Honourable Natalio D. Wheatley, Premier and Minister of Finance
at the Sixth Sitting of the Fourth Session of the Fourth House of Assembly
21st July, 2022
BVI Business Companies (Amendment) Act, 2022
Madam Speaker, I will now give a summary of the Bill entitled the BVI Business Companies (Amendment) Act, 2022, hereinafter referred to as the “Bill”.
This Bill seeks to amend the BVI Business Companies Act, 2004 by strengthening the BVI business companies’ regime in order to ensure continued compliance with international standards. This Bill follows an extensive review by and consultation with practitioners within the financial services industry and, when enacted, will make provision for the following:
- to permit a company wishing to engage in charitable or non-commercial activity while engaged in commercial business with a name ending provided in section 17 to do so but with the approval of the Registrar. This will ensure a proper segregation and accountability of the company’s commercial business from its charitable or non-commercial business;
- to abolish the bearer shares regime as even the current regime of immobilized and custodied bearer shares is proving challenging and unnecessary in light of emerging international standards on greater transparency;
- for streamlining and simplifying the existing rules relating to struck off companies, registered offices, registered agents, and restoration of companies to essentially end the company struck off regime so that a company that is struck off will be automatically dissolved upon publication by the Registrar of the striking off (subject to a 90 days’ notice to the company to regularize its status) before it becomes liable to be struck off and dissolved. It is important to note here that, if it is dissolved (following striking off), the company may still apply to the Registrar or the High Court to be restored to the Register. The stipulated period for doing so is 5 years;
- for reducing the period of notice registered agents need to give to their clients indicating their intent to resign from representing such clients is being reduced from 90 days to 60 days. In addition, a registered agent who has given notice may rescind the notice before the end of the notice period. The registered agent will be deemed to have resigned at the end of the notice period, so that there is no need (as is the current requirement) to file another notice indicating actual resignation;
- to make provision for the purposes of the retention of records and underlying documentation (including for AML/CFT purposes), for the registered office of a company to continue to be the registered office which the company had at the time of termination of any business relationship or completion of a one-off transaction. This will facilitate appropriate assistance in the event of a mutual legal assistance request;
- to make provision (with respect to existing companies) for the automatic resignation of a registered agent if a struck off company is not restored within 6 months after the coming into force of the Bill, when enacted. The company will then be automatically dissolved and can only be restored on a court application after satisfying the conditions stated in the Bill. For those legacy companies that fail to be restored within the 6-month period, a penalty will be applied;
- to establish an appropriate legal framework to require companies to file annual returns with their registered agents. The details and form of such filing are delegated to the Financial Services Commission to determine through the publication of an Order on its Website and will be the subject of further consultation with practitioners within the financial services industry;
- to make a new provision to amend section 118 thereby making it clear that the register of directors includes persons who act in the capacity of alternate directors, irrespective of how transient the appointment may be;
- to make provision whereby a list of directors of a company can be made available upon request.
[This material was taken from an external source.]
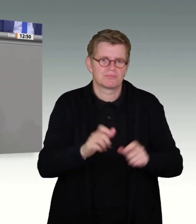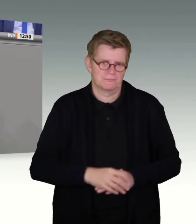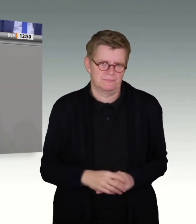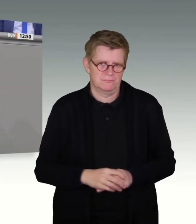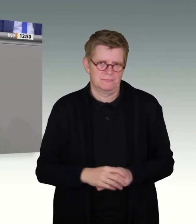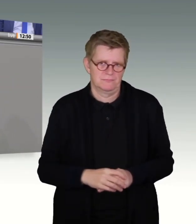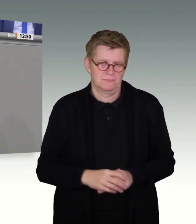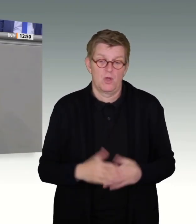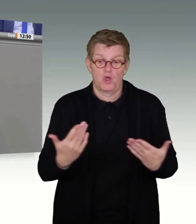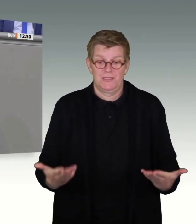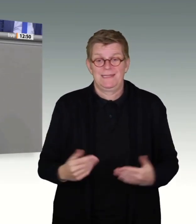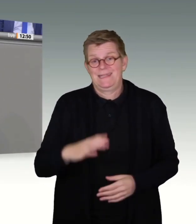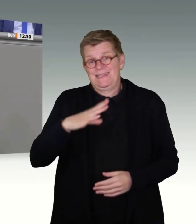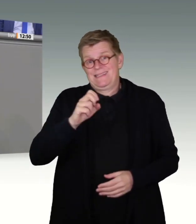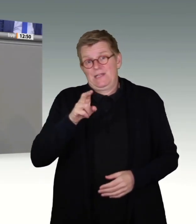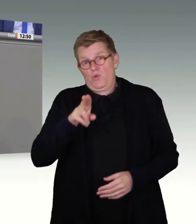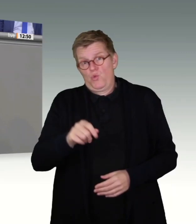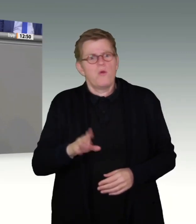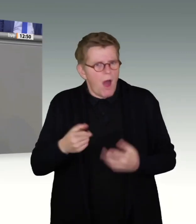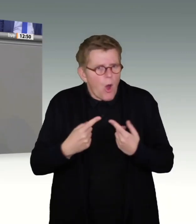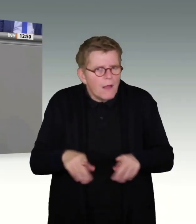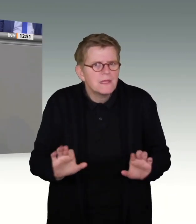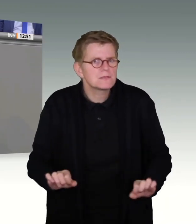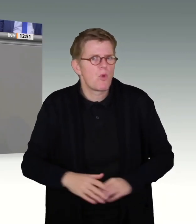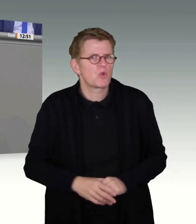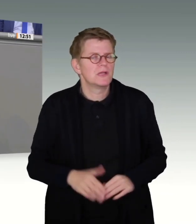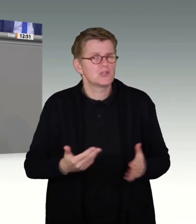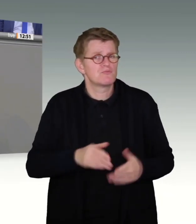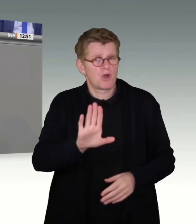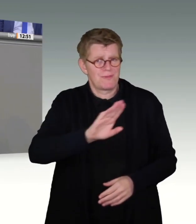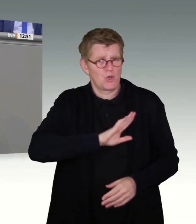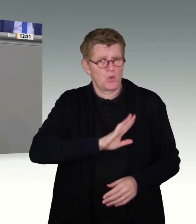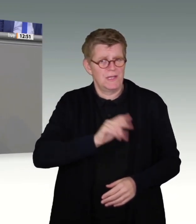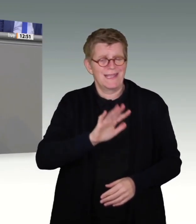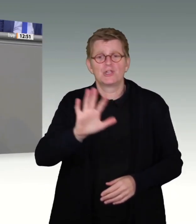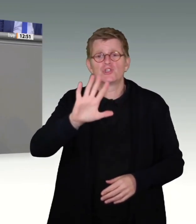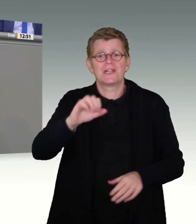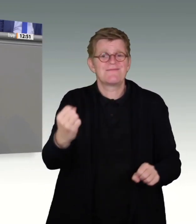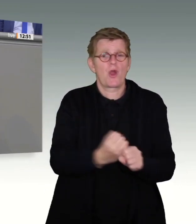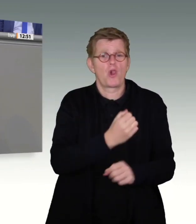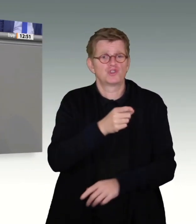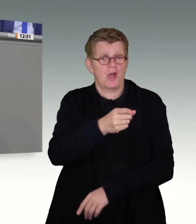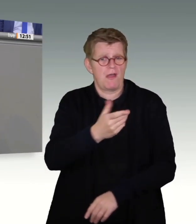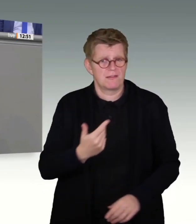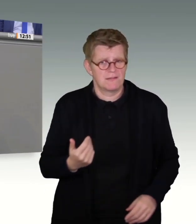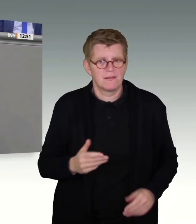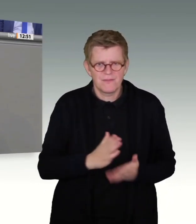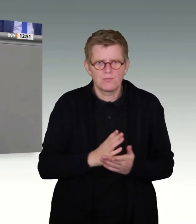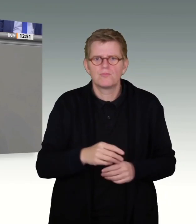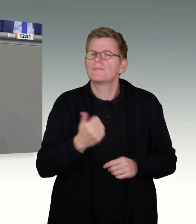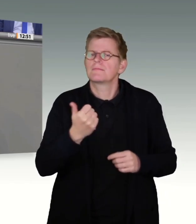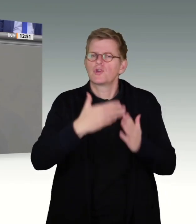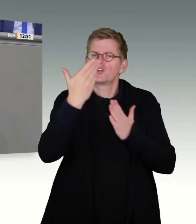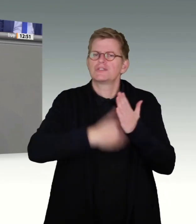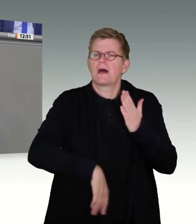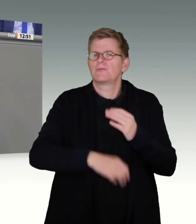Und dabei geht es mit der CDU durchaus auch anders. Das zeigen Ihre Kolleginnen aus Schleswig-Holstein. Dort wird auf eineinhalb Seiten des

This is as part of the Territory’s continuing efforts to ensure full compliance with established standards relating to anti-money laundering, terrorist financing and proliferation financing;
- to amend section 184 of the principal Act to ensure that, while a company is free to continue outside the Virgin Islands, it should have an obligation to provide advance notice of such intention to its members and creditors. In addition, a notice of intention to continue outside the Virgin Islands should be published in the Gazette and on the company’s website (if any). These requirements will provide appropriate notice to persons who may, for any reason, object to the continuation and accordingly advise themselves of any step they may wish to pursue in relation to their company; and lastly Madam Speaker,
- to make provision to require voluntary liquidators to be persons who live within the Territory. This will facilitate the collection and retention of a liquidated company’s records within the Territory. However, where joint voluntary liquidators are appointed, at least one of them must be living in the Territory.
Madam Speaker, these amendments and improvements are required for the Territory to continue to remain compliant with emerging global standards in financial services. Honourable Members are kindly invited to consider the provisions of the Bill and lend their support accordingly.